## WHAT THIS TASK INVOLVES
Given the entries that follow, write out exactly the lines starting at the one containing "#445=ORIENTED_EDGE('',*,*,#586,.F.);" and ending at the one containing "#597=EDGE_CURVE('',#661,#635,#102,.T.);", both ends included, and only those.

Start of Block

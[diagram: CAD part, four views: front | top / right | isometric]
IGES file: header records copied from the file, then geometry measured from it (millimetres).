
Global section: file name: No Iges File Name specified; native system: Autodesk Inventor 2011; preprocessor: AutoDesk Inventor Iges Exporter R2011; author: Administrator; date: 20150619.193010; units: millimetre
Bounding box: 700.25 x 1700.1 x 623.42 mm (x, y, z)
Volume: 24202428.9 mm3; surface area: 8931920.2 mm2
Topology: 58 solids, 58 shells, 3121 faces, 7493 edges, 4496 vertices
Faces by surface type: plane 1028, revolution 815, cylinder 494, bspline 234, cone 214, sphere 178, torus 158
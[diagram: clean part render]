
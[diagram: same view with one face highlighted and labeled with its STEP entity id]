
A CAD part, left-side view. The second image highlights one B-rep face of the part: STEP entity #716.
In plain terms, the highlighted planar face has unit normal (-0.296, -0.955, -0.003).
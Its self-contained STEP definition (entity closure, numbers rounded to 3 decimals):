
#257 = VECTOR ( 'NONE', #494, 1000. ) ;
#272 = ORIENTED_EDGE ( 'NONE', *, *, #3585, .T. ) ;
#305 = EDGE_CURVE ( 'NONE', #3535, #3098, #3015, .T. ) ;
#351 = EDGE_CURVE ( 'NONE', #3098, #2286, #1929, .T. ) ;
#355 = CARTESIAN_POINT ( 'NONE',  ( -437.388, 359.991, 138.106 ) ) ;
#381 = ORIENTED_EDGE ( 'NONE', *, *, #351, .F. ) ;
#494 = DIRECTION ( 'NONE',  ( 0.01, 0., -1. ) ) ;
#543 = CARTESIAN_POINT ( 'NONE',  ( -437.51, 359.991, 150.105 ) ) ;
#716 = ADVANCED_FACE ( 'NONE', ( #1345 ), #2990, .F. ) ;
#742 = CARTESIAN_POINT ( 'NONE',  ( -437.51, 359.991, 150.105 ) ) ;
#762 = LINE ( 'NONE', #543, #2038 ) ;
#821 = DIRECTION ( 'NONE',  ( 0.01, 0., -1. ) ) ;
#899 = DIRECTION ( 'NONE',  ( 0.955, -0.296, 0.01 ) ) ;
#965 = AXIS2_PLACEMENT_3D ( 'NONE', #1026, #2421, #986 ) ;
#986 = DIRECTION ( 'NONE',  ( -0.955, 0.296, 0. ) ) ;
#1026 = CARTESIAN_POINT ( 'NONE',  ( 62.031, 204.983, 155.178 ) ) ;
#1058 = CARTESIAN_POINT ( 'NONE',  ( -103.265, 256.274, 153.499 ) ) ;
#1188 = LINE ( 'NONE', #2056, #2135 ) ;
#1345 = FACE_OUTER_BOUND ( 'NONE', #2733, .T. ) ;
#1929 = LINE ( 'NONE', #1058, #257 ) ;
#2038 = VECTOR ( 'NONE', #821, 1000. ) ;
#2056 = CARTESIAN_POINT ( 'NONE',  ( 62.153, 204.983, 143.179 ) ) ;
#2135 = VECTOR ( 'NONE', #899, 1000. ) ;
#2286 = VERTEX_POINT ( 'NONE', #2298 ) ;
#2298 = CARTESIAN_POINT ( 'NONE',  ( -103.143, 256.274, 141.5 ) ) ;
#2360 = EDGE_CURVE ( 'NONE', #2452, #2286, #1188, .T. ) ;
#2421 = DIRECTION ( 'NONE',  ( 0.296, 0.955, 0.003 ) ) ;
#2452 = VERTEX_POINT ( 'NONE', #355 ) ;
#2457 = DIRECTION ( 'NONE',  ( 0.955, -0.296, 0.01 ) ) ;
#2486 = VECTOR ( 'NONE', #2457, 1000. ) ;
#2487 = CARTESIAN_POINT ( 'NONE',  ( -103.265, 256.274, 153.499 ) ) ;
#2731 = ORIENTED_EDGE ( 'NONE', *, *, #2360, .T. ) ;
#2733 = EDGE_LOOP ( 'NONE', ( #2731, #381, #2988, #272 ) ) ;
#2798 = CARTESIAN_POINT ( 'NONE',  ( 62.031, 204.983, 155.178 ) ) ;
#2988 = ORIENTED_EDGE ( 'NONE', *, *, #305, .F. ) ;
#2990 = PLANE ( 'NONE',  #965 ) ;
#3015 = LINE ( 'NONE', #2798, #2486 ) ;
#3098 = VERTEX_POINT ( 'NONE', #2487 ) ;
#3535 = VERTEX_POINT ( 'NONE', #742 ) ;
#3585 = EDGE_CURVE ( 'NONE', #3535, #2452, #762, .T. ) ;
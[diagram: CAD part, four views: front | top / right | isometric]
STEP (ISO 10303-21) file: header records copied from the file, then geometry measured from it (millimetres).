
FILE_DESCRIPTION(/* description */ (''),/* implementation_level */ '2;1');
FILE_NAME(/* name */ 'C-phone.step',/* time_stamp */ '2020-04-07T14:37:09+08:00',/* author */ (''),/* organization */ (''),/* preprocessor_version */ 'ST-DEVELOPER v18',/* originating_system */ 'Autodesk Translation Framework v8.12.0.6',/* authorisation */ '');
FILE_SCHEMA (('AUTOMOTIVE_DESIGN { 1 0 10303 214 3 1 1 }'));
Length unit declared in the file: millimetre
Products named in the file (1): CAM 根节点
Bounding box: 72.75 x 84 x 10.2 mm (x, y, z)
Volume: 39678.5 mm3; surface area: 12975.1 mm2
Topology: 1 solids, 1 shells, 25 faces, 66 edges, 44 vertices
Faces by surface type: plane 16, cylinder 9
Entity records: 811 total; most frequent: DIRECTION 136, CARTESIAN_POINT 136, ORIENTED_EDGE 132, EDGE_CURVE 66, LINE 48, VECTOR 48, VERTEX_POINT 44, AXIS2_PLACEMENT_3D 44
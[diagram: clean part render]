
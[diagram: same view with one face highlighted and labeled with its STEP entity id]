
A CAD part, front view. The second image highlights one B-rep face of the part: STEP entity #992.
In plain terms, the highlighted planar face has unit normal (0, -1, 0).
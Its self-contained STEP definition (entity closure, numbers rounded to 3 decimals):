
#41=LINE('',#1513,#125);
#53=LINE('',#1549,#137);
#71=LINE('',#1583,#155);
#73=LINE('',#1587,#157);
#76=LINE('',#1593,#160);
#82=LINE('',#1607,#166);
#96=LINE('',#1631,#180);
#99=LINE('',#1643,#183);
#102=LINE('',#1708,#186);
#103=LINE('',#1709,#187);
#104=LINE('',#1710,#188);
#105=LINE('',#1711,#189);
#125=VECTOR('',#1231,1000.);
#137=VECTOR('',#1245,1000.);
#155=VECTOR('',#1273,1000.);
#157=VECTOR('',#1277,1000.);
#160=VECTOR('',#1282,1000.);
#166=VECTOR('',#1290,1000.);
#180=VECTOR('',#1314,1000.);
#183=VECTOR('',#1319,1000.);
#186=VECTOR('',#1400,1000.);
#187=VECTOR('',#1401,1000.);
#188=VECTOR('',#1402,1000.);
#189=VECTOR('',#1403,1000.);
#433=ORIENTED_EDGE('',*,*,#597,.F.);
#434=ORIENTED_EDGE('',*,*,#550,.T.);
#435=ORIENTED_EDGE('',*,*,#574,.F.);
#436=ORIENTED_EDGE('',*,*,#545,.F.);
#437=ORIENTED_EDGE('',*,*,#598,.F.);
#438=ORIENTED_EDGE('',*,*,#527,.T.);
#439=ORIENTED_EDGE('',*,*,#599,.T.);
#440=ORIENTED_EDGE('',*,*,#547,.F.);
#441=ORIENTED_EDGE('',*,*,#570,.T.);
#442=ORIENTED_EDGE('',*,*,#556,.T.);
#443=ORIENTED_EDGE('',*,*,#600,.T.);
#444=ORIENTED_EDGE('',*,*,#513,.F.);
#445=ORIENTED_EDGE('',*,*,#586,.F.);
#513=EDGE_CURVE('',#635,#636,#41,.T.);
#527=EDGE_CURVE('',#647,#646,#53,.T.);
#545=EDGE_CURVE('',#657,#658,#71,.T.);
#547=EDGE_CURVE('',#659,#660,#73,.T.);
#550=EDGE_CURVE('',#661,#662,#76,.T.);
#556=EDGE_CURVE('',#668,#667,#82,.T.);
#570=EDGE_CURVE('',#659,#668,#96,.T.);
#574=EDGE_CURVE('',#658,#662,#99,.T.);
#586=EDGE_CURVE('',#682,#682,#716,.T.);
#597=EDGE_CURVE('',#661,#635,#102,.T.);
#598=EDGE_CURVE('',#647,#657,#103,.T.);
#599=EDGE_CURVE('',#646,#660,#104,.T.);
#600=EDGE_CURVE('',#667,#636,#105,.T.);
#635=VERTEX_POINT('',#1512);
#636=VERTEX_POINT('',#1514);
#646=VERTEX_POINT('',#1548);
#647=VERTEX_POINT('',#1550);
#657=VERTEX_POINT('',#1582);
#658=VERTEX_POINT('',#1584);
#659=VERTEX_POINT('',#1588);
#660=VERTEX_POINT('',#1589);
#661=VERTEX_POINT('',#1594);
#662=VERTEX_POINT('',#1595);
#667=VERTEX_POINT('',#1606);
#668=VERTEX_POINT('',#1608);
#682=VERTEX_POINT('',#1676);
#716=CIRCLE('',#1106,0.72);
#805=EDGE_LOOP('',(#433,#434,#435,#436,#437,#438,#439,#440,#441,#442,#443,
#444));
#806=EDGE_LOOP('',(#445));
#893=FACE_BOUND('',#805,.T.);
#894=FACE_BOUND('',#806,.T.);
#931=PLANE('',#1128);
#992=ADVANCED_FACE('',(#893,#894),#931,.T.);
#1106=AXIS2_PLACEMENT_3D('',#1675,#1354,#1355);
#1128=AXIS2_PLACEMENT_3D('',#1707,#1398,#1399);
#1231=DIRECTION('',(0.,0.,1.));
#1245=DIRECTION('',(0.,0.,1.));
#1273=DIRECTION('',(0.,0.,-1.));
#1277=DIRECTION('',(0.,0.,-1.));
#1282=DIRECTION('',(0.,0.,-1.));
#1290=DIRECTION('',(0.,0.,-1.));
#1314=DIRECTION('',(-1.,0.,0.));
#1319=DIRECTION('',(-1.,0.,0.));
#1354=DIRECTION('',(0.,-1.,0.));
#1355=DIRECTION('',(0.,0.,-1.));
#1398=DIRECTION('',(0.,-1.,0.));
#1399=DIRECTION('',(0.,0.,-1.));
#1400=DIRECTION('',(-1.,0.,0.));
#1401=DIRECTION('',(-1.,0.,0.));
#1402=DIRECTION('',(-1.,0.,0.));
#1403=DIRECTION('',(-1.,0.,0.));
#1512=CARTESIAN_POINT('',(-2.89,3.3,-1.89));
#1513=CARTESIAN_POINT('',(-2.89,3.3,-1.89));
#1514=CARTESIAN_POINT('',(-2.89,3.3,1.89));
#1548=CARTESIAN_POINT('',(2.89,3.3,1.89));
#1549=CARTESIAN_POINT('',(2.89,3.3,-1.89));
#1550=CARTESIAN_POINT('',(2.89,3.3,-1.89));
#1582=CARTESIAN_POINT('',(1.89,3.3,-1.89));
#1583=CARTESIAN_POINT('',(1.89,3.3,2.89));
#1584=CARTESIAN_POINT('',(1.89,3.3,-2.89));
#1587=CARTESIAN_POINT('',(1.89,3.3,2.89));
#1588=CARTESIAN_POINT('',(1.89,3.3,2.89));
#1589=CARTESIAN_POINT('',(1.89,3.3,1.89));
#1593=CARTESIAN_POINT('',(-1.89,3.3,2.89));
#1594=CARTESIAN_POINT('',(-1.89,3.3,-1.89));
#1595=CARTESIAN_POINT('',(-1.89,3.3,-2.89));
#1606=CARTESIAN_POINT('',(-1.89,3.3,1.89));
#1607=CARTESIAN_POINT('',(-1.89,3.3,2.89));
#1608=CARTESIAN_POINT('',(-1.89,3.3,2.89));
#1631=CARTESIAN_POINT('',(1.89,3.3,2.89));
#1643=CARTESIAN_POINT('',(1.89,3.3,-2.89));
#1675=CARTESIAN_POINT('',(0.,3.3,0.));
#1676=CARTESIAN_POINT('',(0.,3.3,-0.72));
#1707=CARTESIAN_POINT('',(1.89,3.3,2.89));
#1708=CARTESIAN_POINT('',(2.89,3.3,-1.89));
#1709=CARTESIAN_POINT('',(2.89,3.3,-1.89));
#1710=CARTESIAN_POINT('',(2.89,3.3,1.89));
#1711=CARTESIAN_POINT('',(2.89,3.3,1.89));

End of Block

## YOUR SOLUTION
#445=ORIENTED_EDGE('',*,*,#586,.F.);
#513=EDGE_CURVE('',#635,#636,#41,.T.);
#527=EDGE_CURVE('',#647,#646,#53,.T.);
#545=EDGE_CURVE('',#657,#658,#71,.T.);
#547=EDGE_CURVE('',#659,#660,#73,.T.);
#550=EDGE_CURVE('',#661,#662,#76,.T.);
#556=EDGE_CURVE('',#668,#667,#82,.T.);
#570=EDGE_CURVE('',#659,#668,#96,.T.);
#574=EDGE_CURVE('',#658,#662,#99,.T.);
#586=EDGE_CURVE('',#682,#682,#716,.T.);
#597=EDGE_CURVE('',#661,#635,#102,.T.);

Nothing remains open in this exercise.